The slightly nerdy looking bassist from 1980s indie-band The Housemartins, (incidentally, singer Paul Heaton went on to enjoy success with The Beautiful South) Norman Cook had already branched out with a few one-off hits under various pseudonyms, including Beats International ('Dub Be Good To Me'), Freakpower ('Turn On, Tune In and Cop Out') and The Mighty Dub Kats ('Magic Carpet Ride'), before finding superstar fame at the back-end of the 1990s. Hits such as 'The Rockefeller Skank', 'Gangsta Trippin', 'Right Here, Right Now' and the somewhat overrated 'Praise You' made Cook the leading superstar DJ, part of the golden generation that included the likes of Paul Oakenfold, Pete Tong and Judge Jules, while the album 'You've Come A Long Way, Baby' is regarded as one of the seminal records of the decade.
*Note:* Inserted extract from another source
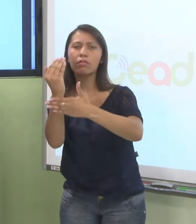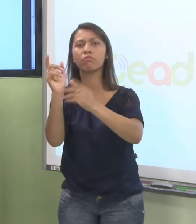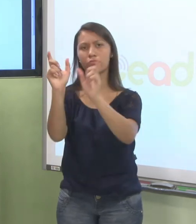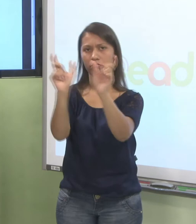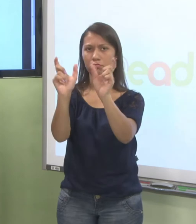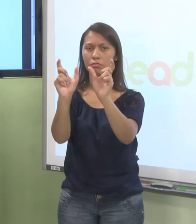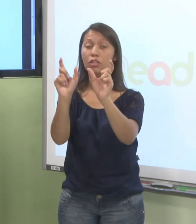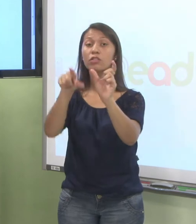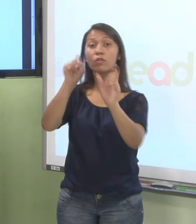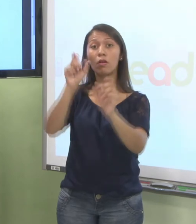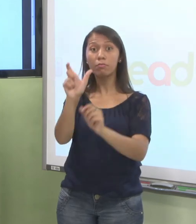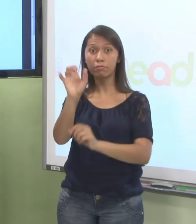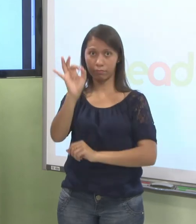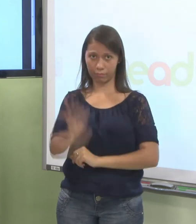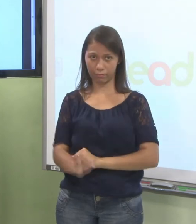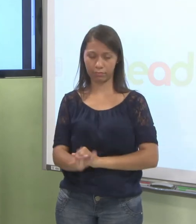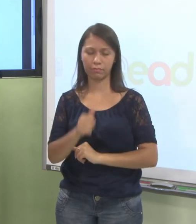Beleza? Vamos voltar lá na sala.
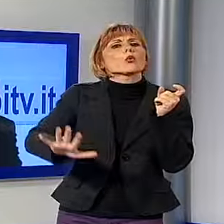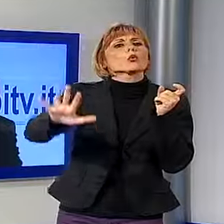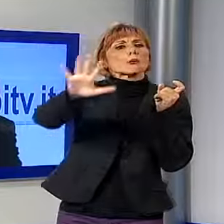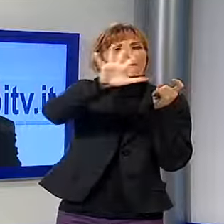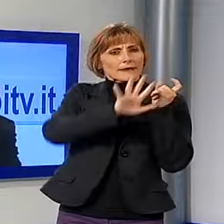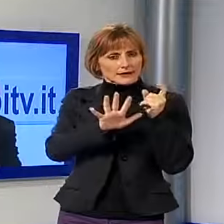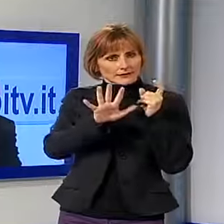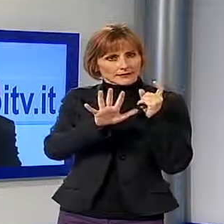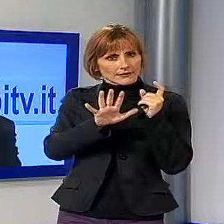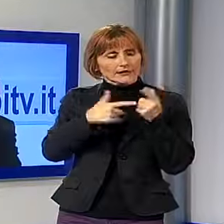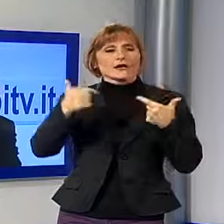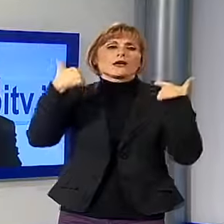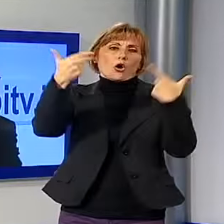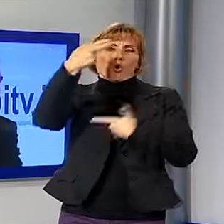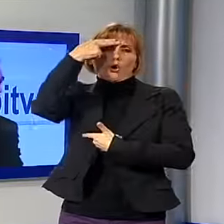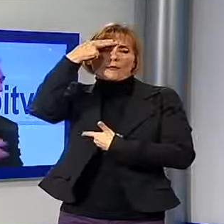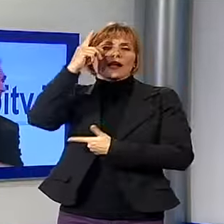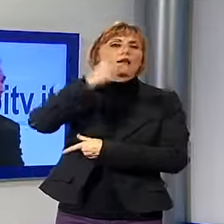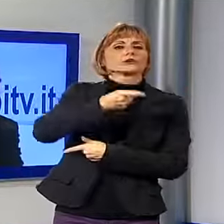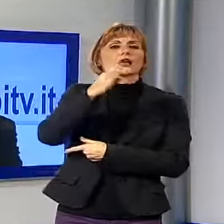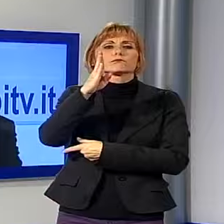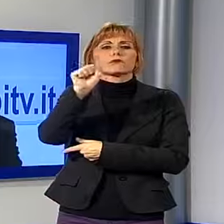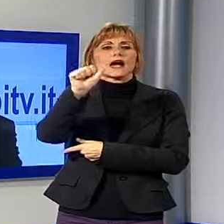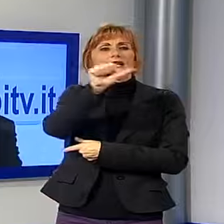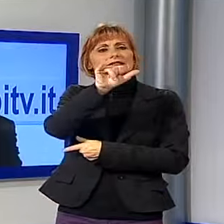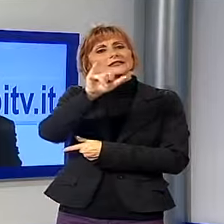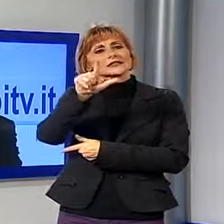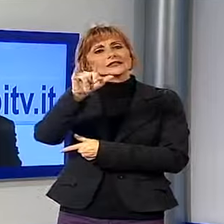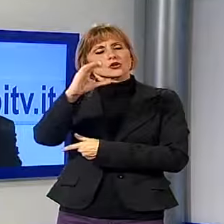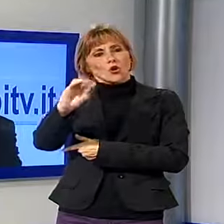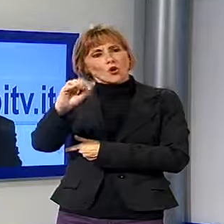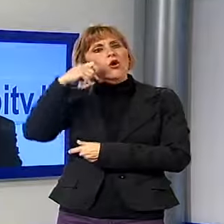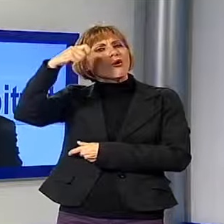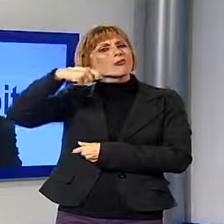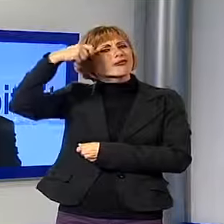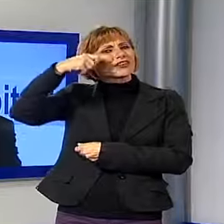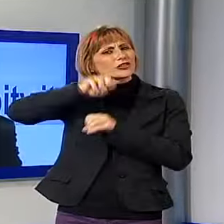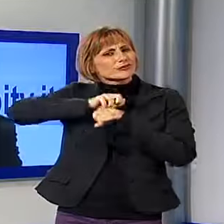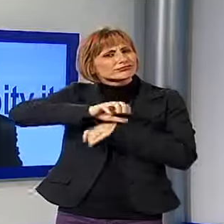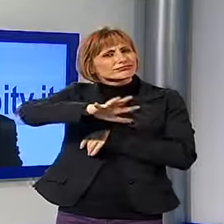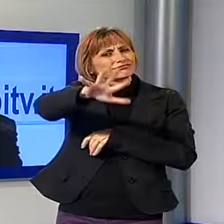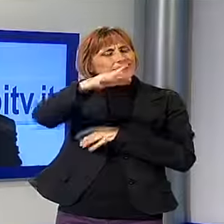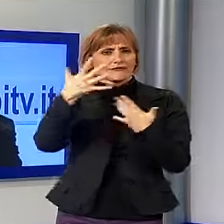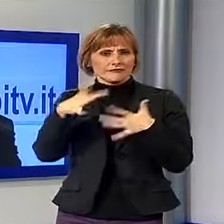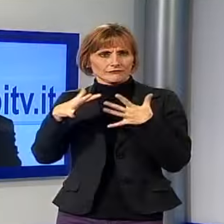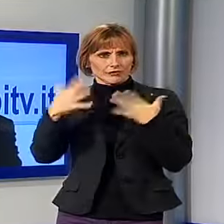quindi questo omaggio a Gabriele Basilico, quindi un video realizzato appositamente da Christian Coggiol, è uno dei più
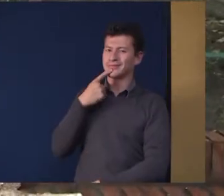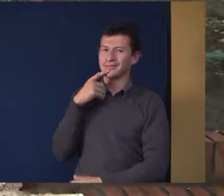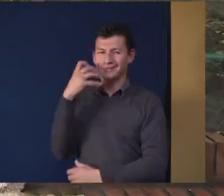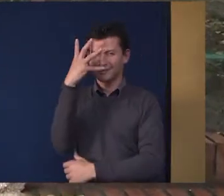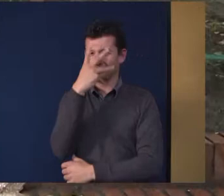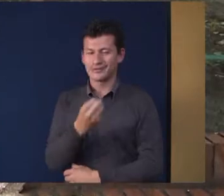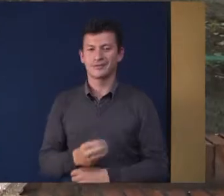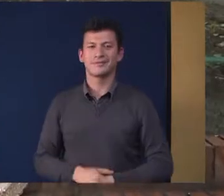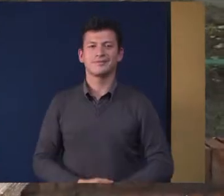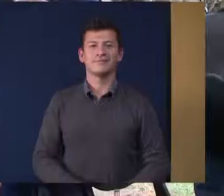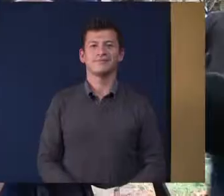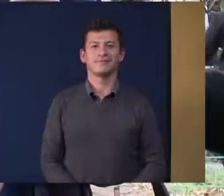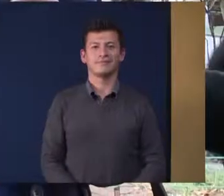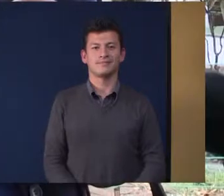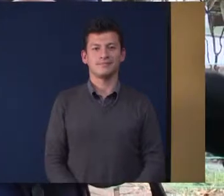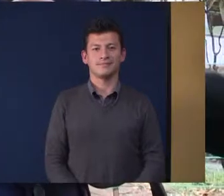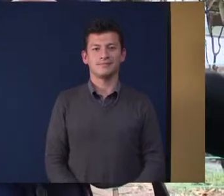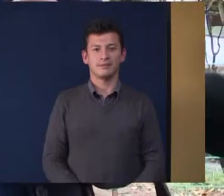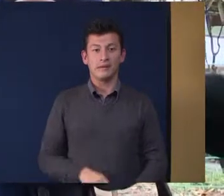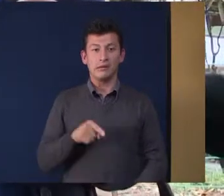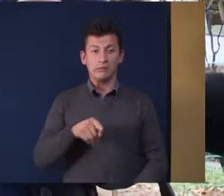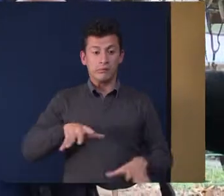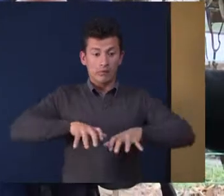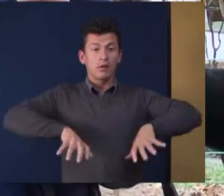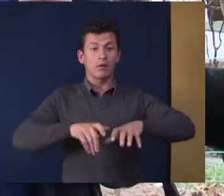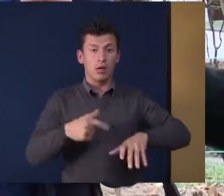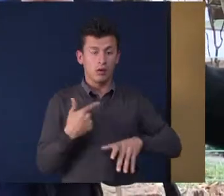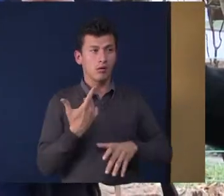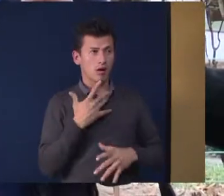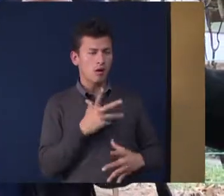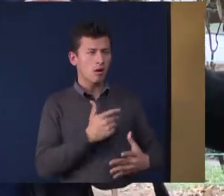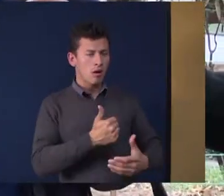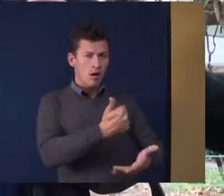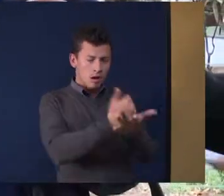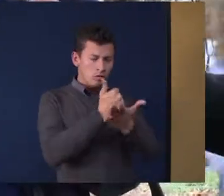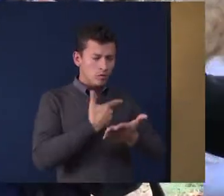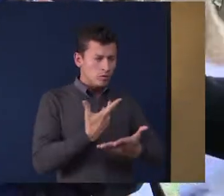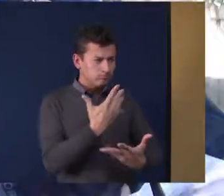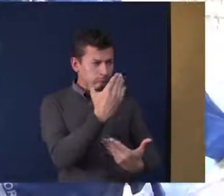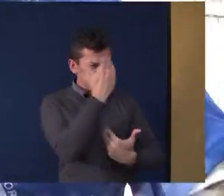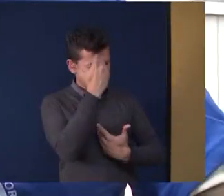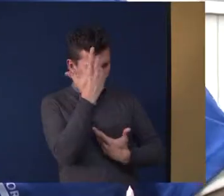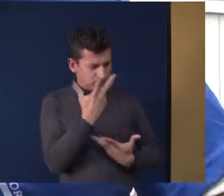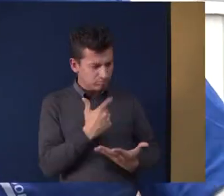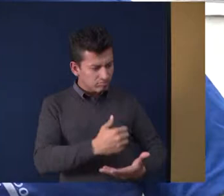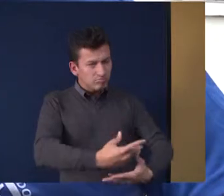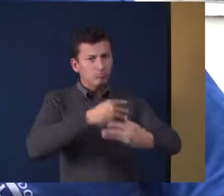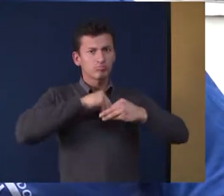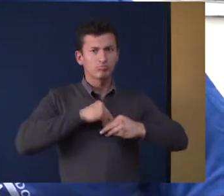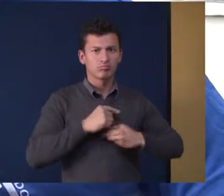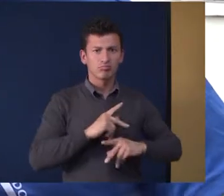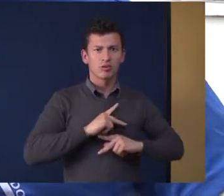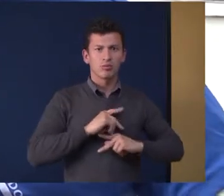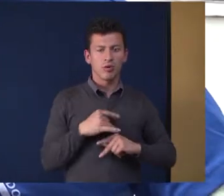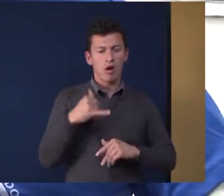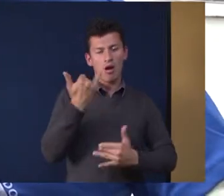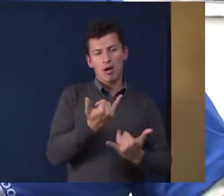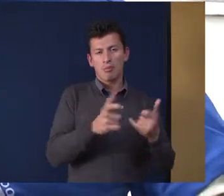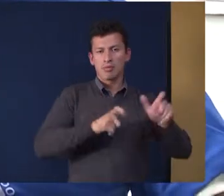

There followed the celebrity marriage to Radio 1 DJ Zoe Ball (they met while larging it in Ibiza, predictably) and equally inevitable problems, the massive open-air events (including the legendary Brighton Beach Party) and a series of successful remixes (The Mock Mock Turtles' 'Can You Dig It?' and Groove Armada's 'I See You Baby', the latter of which is included here, alongside Cornershop's 'Brimful Of Asha').
Follow-up album 'Halfway Between The Gutter & the Stars' was less well received, though 'Bird Of Pray', 'Demons' (with the abominable Macy Gray) and 'Weapon Of Choice' (whose video featured actor Christopher Walken) all enjoyed some success. However, the recent change in chart preferences (Cook's hiatus combined with the lack of anything comparable and the emergence of The Libertines, Franz Ferdinand et al) meant that 'Palookaville', Cook's most recent record, bombed somewhat, with 'Slash Dot Dash' the only vaguely memorable track. The rot had clearly set in.
Though all of the big hits are here, the tracklisting does perhaps ignore some of his best work, with a little too much of the recent stuff included (a little bit of cynical label marketing for the last record?) at the expense of corkers such as 'The Weekend Starts Here', 'Build It Up, Tear It Down' and 'Ya Mama', whose inclusion would have made this a definite five-star record.
'Why Try Harder' could prove to be either a bookmark at this stage of Cook's career, the point where he takes stock and decides where to go from here (back to his indie roots perhaps?) or the moment where he decides he's had a good run and should just settle down and enjoy his millions, with the odd bit of production work and occasional party here and there. Whatever he decides, these tracks will prove a fitting legacy.